4. The intelligent queuing method for hospital calls according to claim 1, wherein said constructing an objective function for each split cluster partition mode comprises the following specific steps:

where W represents an objective function of the split cluster division scheme,characteristic parameters representing the center of the d-th split cluster in the s-th initial cluster, +.>Represents the number of split clusters in the s-th initial cluster,/->A desirability factor representing the s-th initial cluster, < >>Representing the proportionality coefficient>Represents the number of cases in the s-th initial cluster, K represents the optimal cluster number, +.>Representing the length of the visit at the center of the ith split cluster in all split clusters of all initial clusters,/for all split clusters>Mean value of the time duration of the visit at the center of all split clusters representing all initial clusters,/for each cluster>Representing the local density of the ith split cluster in all split clusters of all initial clusters, +.>Mean value of local densities of all split clusters representing all initial clusters, +.>Standard deviation of the visit duration representing the centers of all split clusters of all initial clusters, +.>The standard deviation of the local densities of all the split clusters of all the initial clusters, G, represents the number of all the split clusters of all the initial clusters.
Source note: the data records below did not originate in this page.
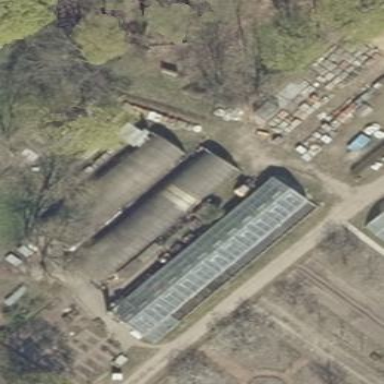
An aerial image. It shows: Greenhouse.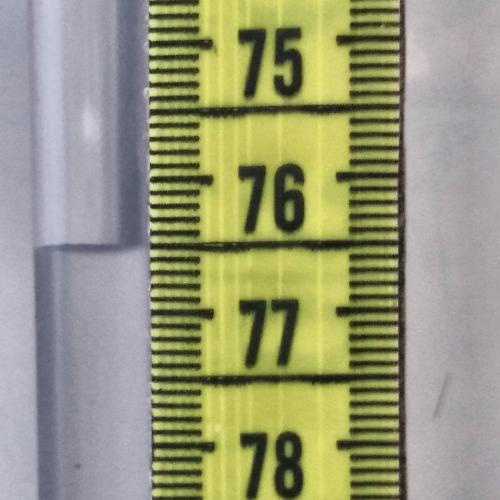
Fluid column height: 76.5 cm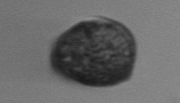
Label: Dinophyceae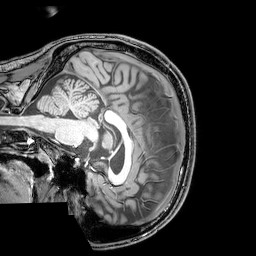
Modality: T1w
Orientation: sagittal
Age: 22
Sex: male
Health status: healthy
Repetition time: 0.081 s
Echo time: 0.037 s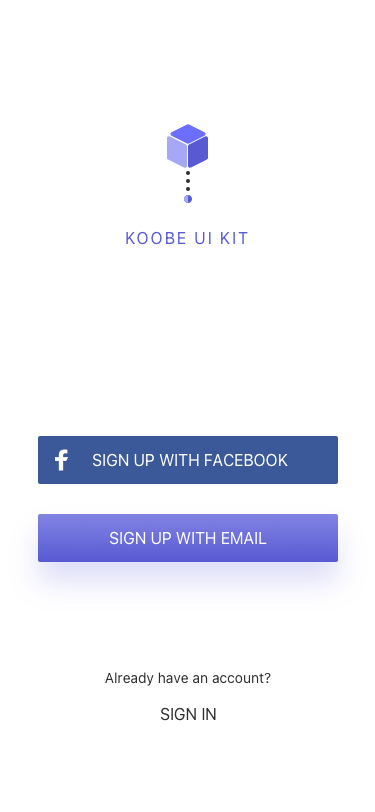
Text in this UI design:
SIGN UP WITH EMAIL
 SIGN UP WITH FACEBOOK
Already have an account?
SIGN IN
Koobe UI KIT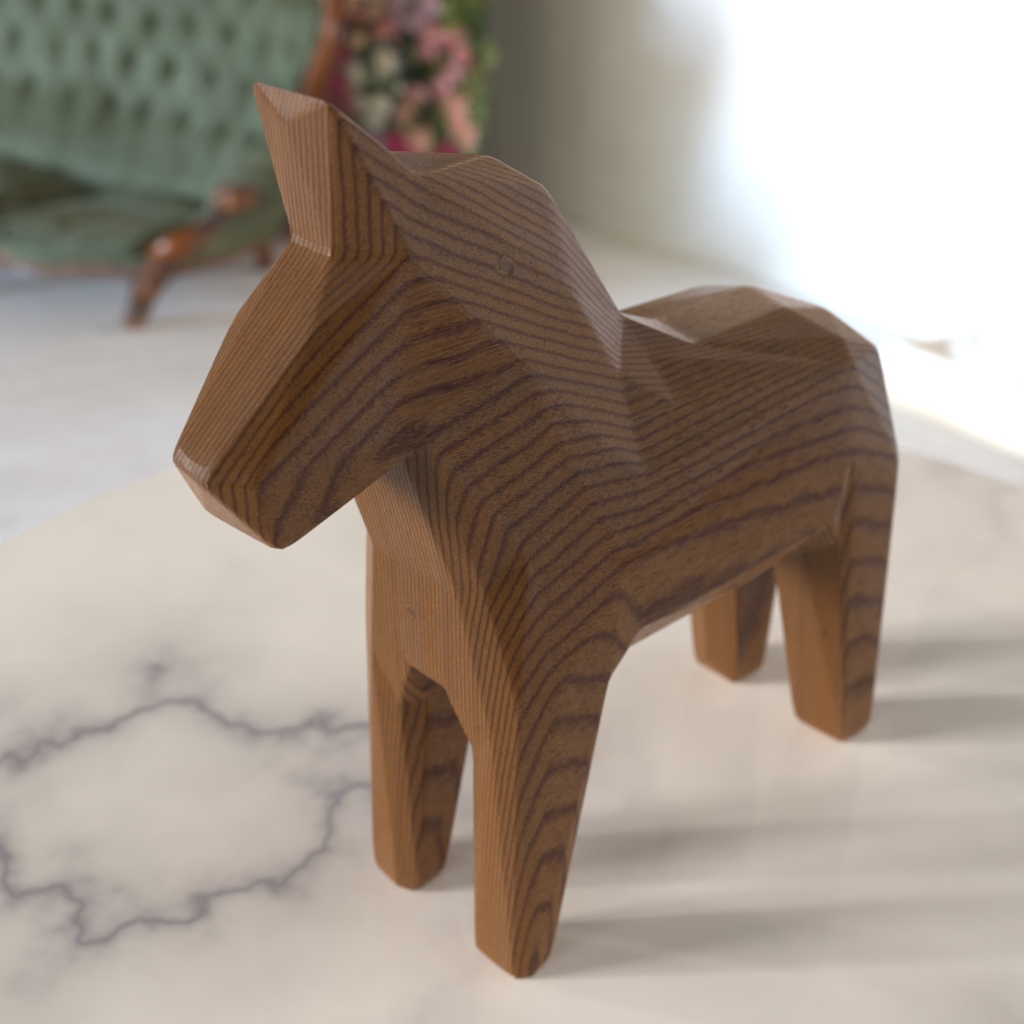
A high quality rendering of a dalahest_oak dalecarlian horse figurine made of varnished dark oak standing on a white marble sidetable in an a photo studio hall in london with natural soft warm daylight from windows,long-shot from overhead view of the front right side, 50 mm, f 11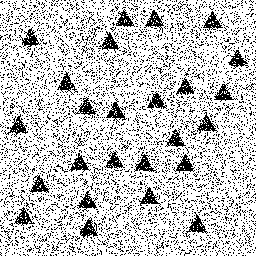
Squares: 0
Triangles: 25
Stars: 0
Total shapes: 25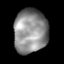
Tissue: lung
Cell type: Epithelial cells
Senescence score: 0.2296
Nuclear area (px): 1450
Mean DAPI intensity: 141.522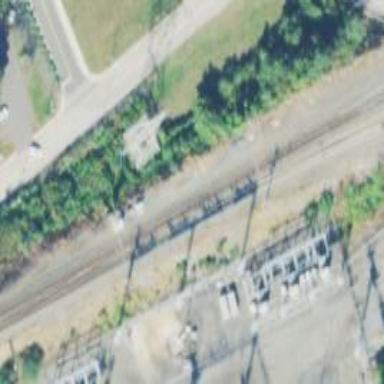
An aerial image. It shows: Railway track with contact lines for electrification.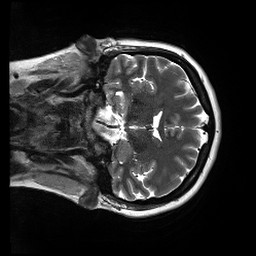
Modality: T2w
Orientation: coronal
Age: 35
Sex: female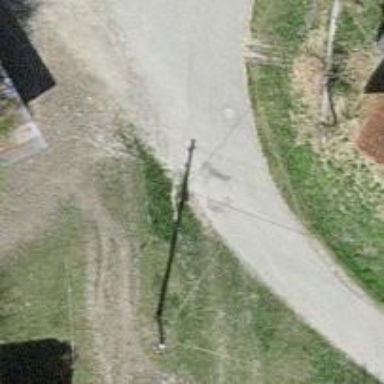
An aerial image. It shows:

5. The intelligent queuing method for hospital calls according to claim 2, wherein the case sequence is divided into a plurality of split clusters according to characteristic parameters of the cases by different split cluster division modes, comprising the following specific steps:

6. The intelligent queuing method for hospital calls according to claim 1, wherein said obtaining the prediction equation of the time length of a visit according to all the optimal split clusters comprises the following specific steps:

7. The intelligent queuing method for hospital calls according to claim 1, wherein the steps of obtaining the word vector of each case, dividing all cases into a plurality of initial clusters according to the similarity of the word vectors, and comprises the following specific steps:

8. The intelligent queuing method for hospital calls according to claim 1, wherein said obtaining a case sequence according to the duration of the visit of all cases comprises the following steps:

9. The intelligent queuing method for hospital calls according to claim 1, wherein said predicting the time of a registered patient according to the time of a patient's visit prediction equation comprises the following steps:

10. The intelligent queuing system for hospital calls is characterized by comprising a registration module, a database, a case clustering module and a prediction adjustment module; the registering module obtains case information of registered patients; the database stores the cases; the case clustering module obtains a word vector of each case, divides all cases into a plurality of initial clusters according to the similarity of the word vector, obtains a case sequence according to the treatment time of all cases, calculates characteristic parameters of each case in the case sequence according to the initial clusters, divides the case sequence into a plurality of split clusters according to the characteristic parameters of the cases in different split cluster division modes, calculates expected factors of each initial cluster, constructs an objective function of each split cluster division mode according to the expected factors of all the initial clusters and the characteristic parameters of all the cases, and divides the case sequence into a plurality of optimal split clusters according to the split cluster division mode corresponding to the maximum value of the objective function; the prediction adjustment module obtains a diagnosis time prediction equation according to all the optimal split clusters, predicts the diagnosis time of the registered patient according to the diagnosis time prediction equation, and further intelligently adjusts the calling sequence.